## TASK
Every record, apart from its pictures, should be repeated exactly.

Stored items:
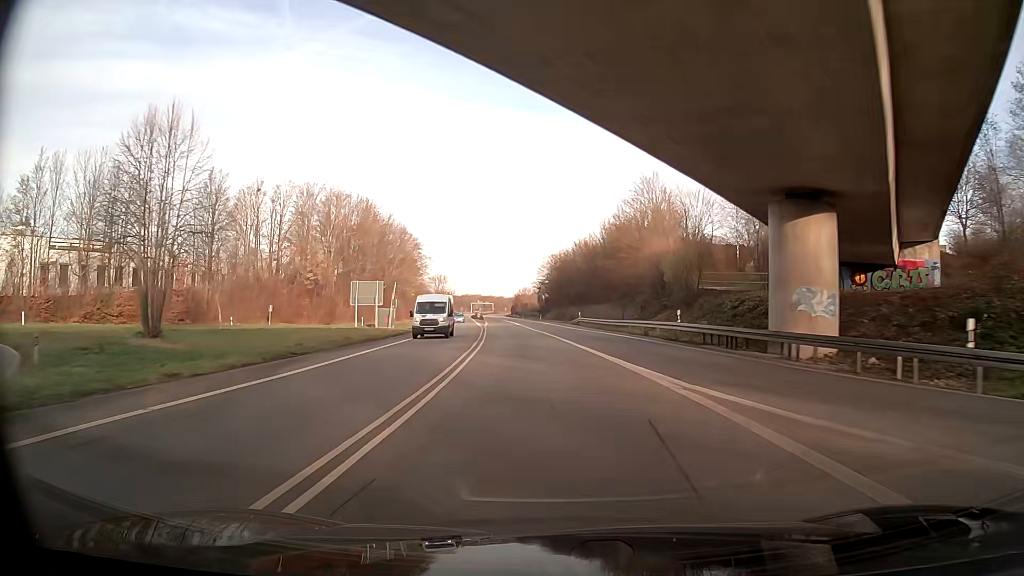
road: primary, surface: asphalt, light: Day
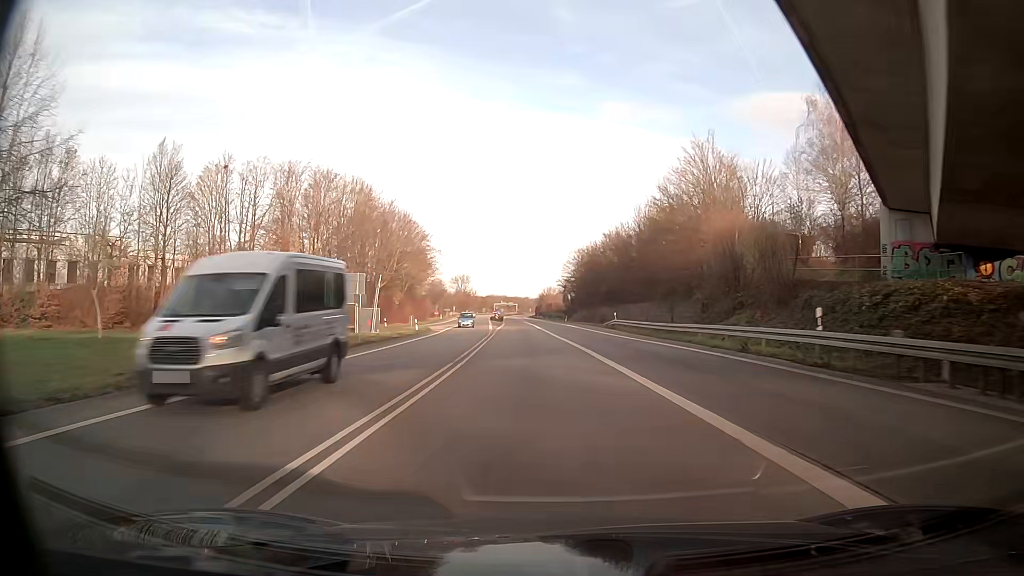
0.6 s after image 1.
(-0.3, +14.5) m; -2°
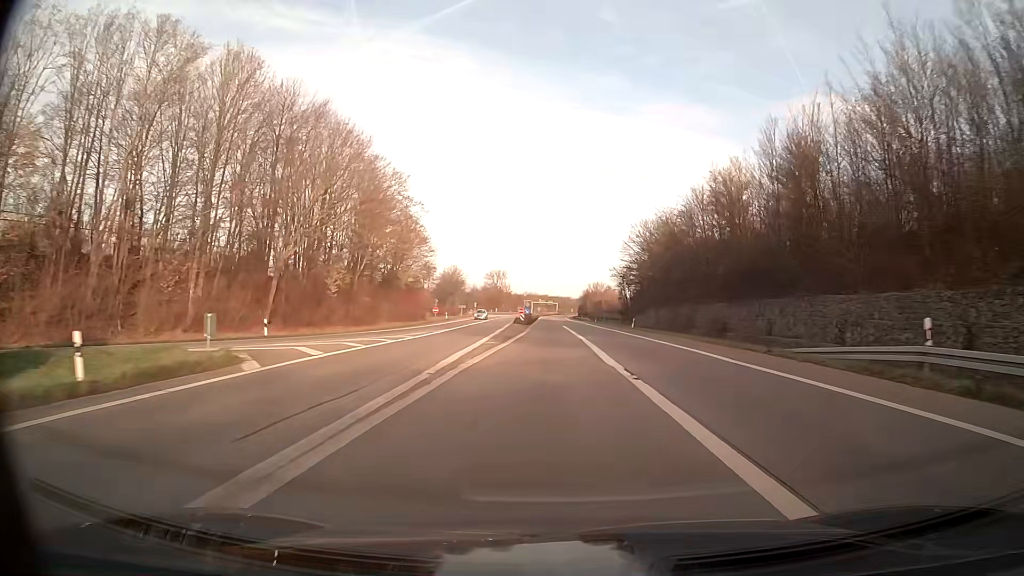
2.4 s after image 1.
(-1.4, +43.5) m; -3°
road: trunk
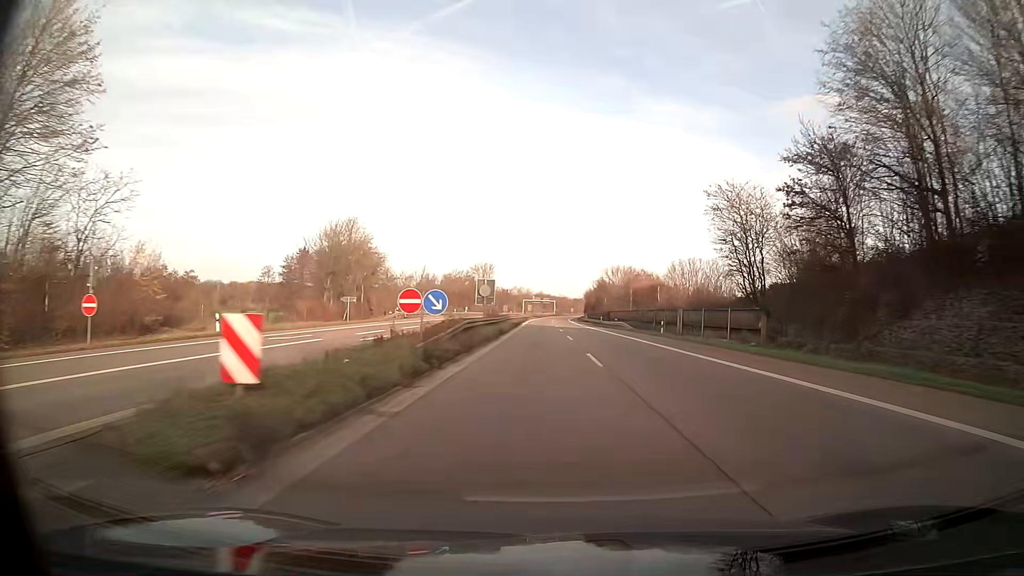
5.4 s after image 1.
(0.0, +72.5) m; +1°
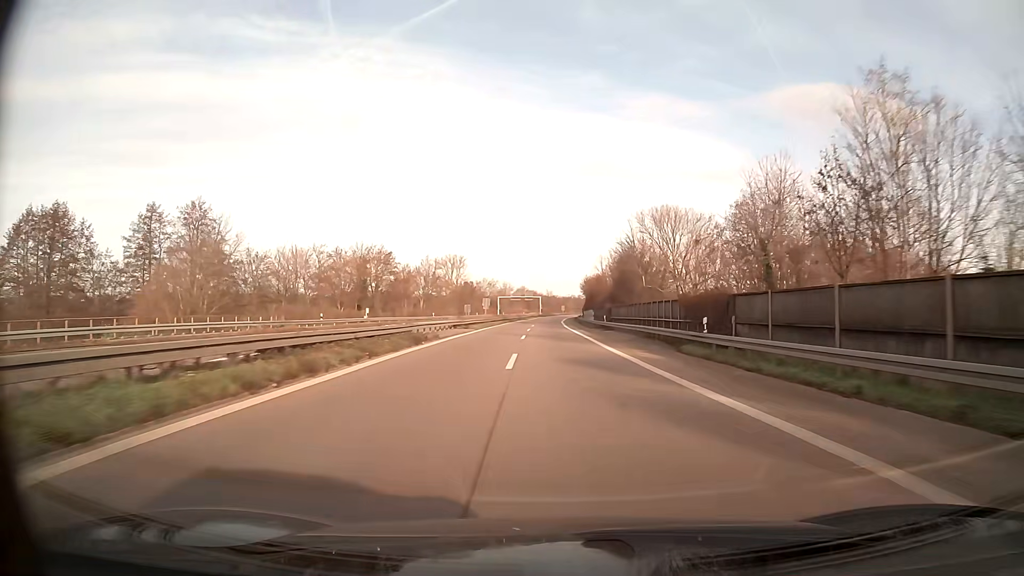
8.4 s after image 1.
(+0.9, +72.5) m; +1°
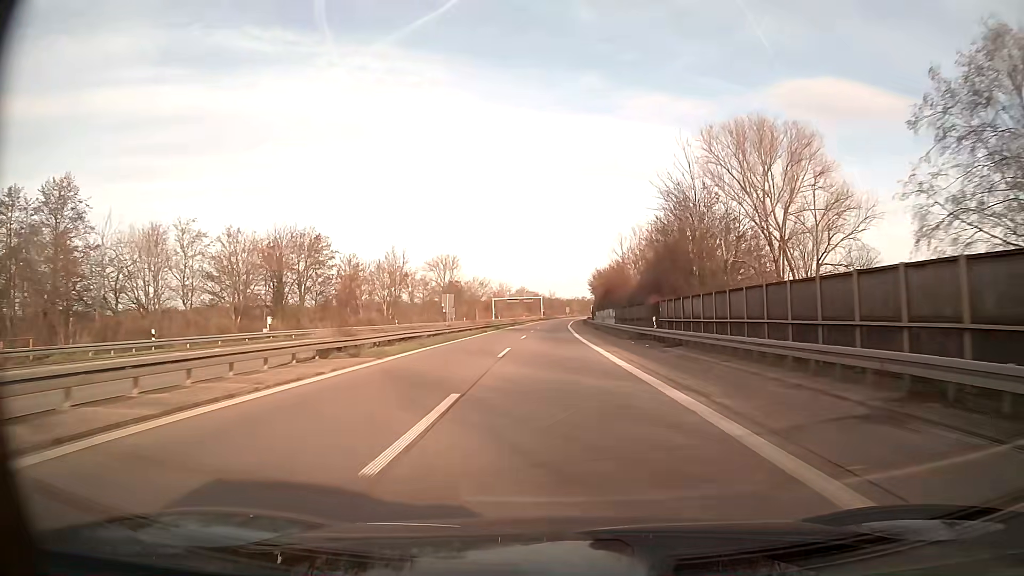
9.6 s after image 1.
(-0.1, +29.0) m; 0°
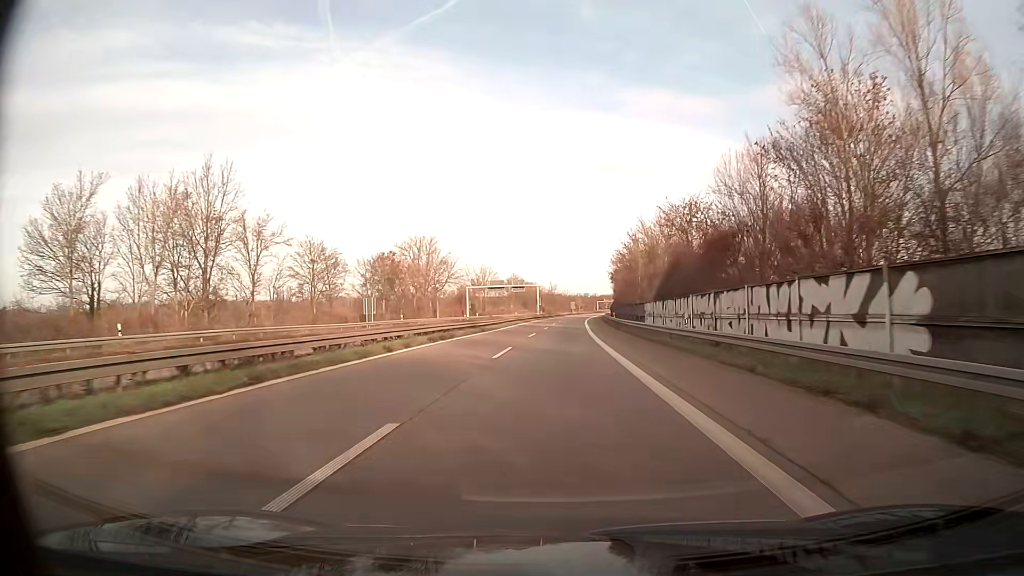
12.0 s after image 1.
(-0.2, +57.6) m; 0°
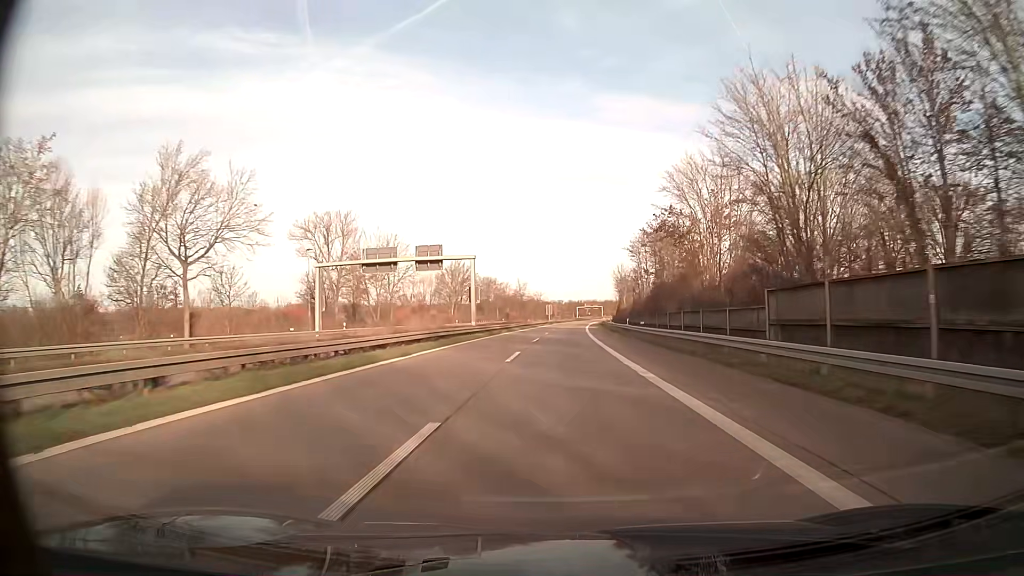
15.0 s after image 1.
(+1.4, +72.0) m; +2°
(0, +10) (0, +20) (0, +30) (+1, +40) (+1, +50) (+1, +60) (+1, +70) (+2, +80) (+2, +90) (+3, +100) m

## ANSWER TO THE PROBLEM
road: primary, surface: asphalt, light: Day
0.6 s after image 1.
(-0.3, +14.5) m; -2°
2.4 s after image 1.
(-1.4, +43.5) m; -3°
road: trunk
5.4 s after image 1.
(0.0, +72.5) m; +1°
8.4 s after image 1.
(+0.9, +72.5) m; +1°
9.6 s after image 1.
(-0.1, +29.0) m; 0°
12.0 s after image 1.
(-0.2, +57.6) m; 0°
15.0 s after image 1.
(+1.4, +72.0) m; +2°
(0, +10) (0, +20) (0, +30) (+1, +40) (+1, +50) (+1, +60) (+1, +70) (+2, +80) (+2, +90) (+3, +100) m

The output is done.